## [WHAT TO WORK ON]
Nothing is needed except the lines below that run from the one with "Q: How is the" through the one with "Q: Monospaced? A: No.", repeated exactly.

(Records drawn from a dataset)
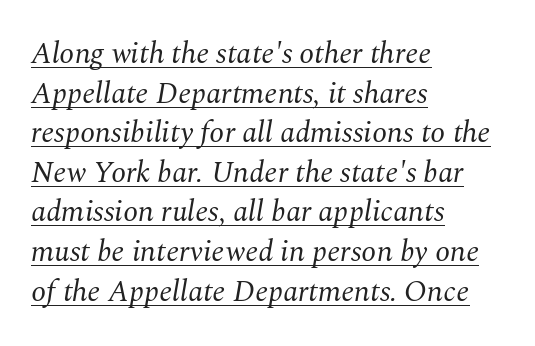
Q: Is the text bold? A: No.
Q: Is the text italic (slanted)? A: Yes, it leans right by about 10 degrees.
Q: Is the typeface a serif or a sans-serif typeface? A: Serif.
Q: Is the text underlined? A: Yes.
Q: How is the paragraph aligned? A: Left-aligned.
Q: Is the spacing between letters normal or unusually wide? A: Normal.
Q: Is the spacing between lines tight, normal or loose? A: Normal.
Q: Width (condensed, normal, or wide)? A: Normal.
Q: Stroke contrast? A: Medium.
Q: x-height? A: Medium.
Q: Monospaced? A: No.
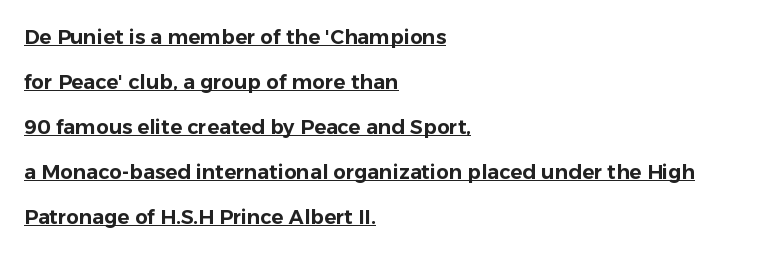
{"italic": "no", "underline": "yes", "align": "left", "line_spacing": "loose", "line_spacing_ratio": 2.25, "letter_spacing": "normal", "letter_spacing_em": 0.0, "glyph_px": 20}
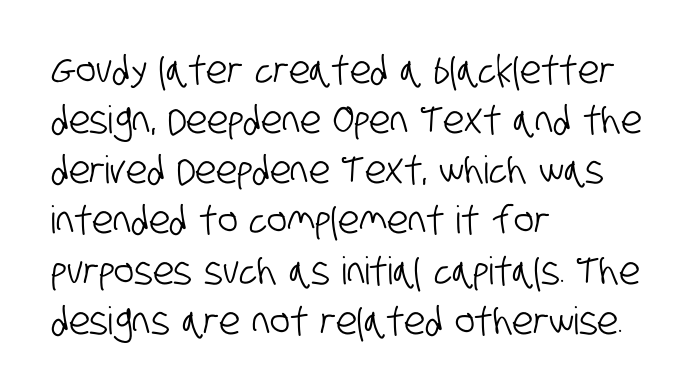
The typesetter chose a ragged-right arrangement here. Words float on clear page, feet unadorned. Notice how descenders clear the ascenders below comfortably — that's standard leading. Does the type have serifs? No, each stem ends abruptly. The face used here is rendered with its standard letterfit.
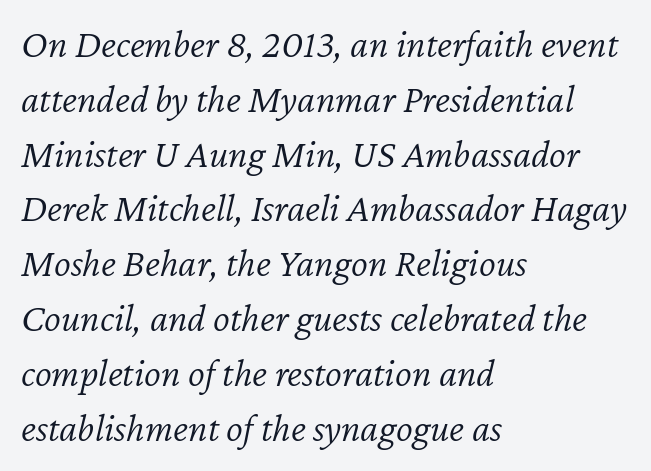
{"italic": "yes", "lean": "right", "slant_degrees": 12, "bold": "no", "weight": "light", "width": "normal", "stroke_contrast": "low", "x_height": "medium", "monospaced": "no", "underline": "no", "align": "left", "line_spacing": "normal", "line_spacing_ratio": 1.37, "letter_spacing": "normal", "letter_spacing_em": 0.0, "glyph_px": 40}

## [THE ANSWER]
Q: How is the paragraph aligned? A: Left-aligned.
Q: Is the spacing between letters normal or unusually wide? A: Normal.
Q: Is the spacing between lines tight, normal or loose? A: Normal.
Q: Width (condensed, normal, or wide)? A: Normal.
Q: Stroke contrast? A: Medium.
Q: x-height? A: Medium.
Q: Monospaced? A: No.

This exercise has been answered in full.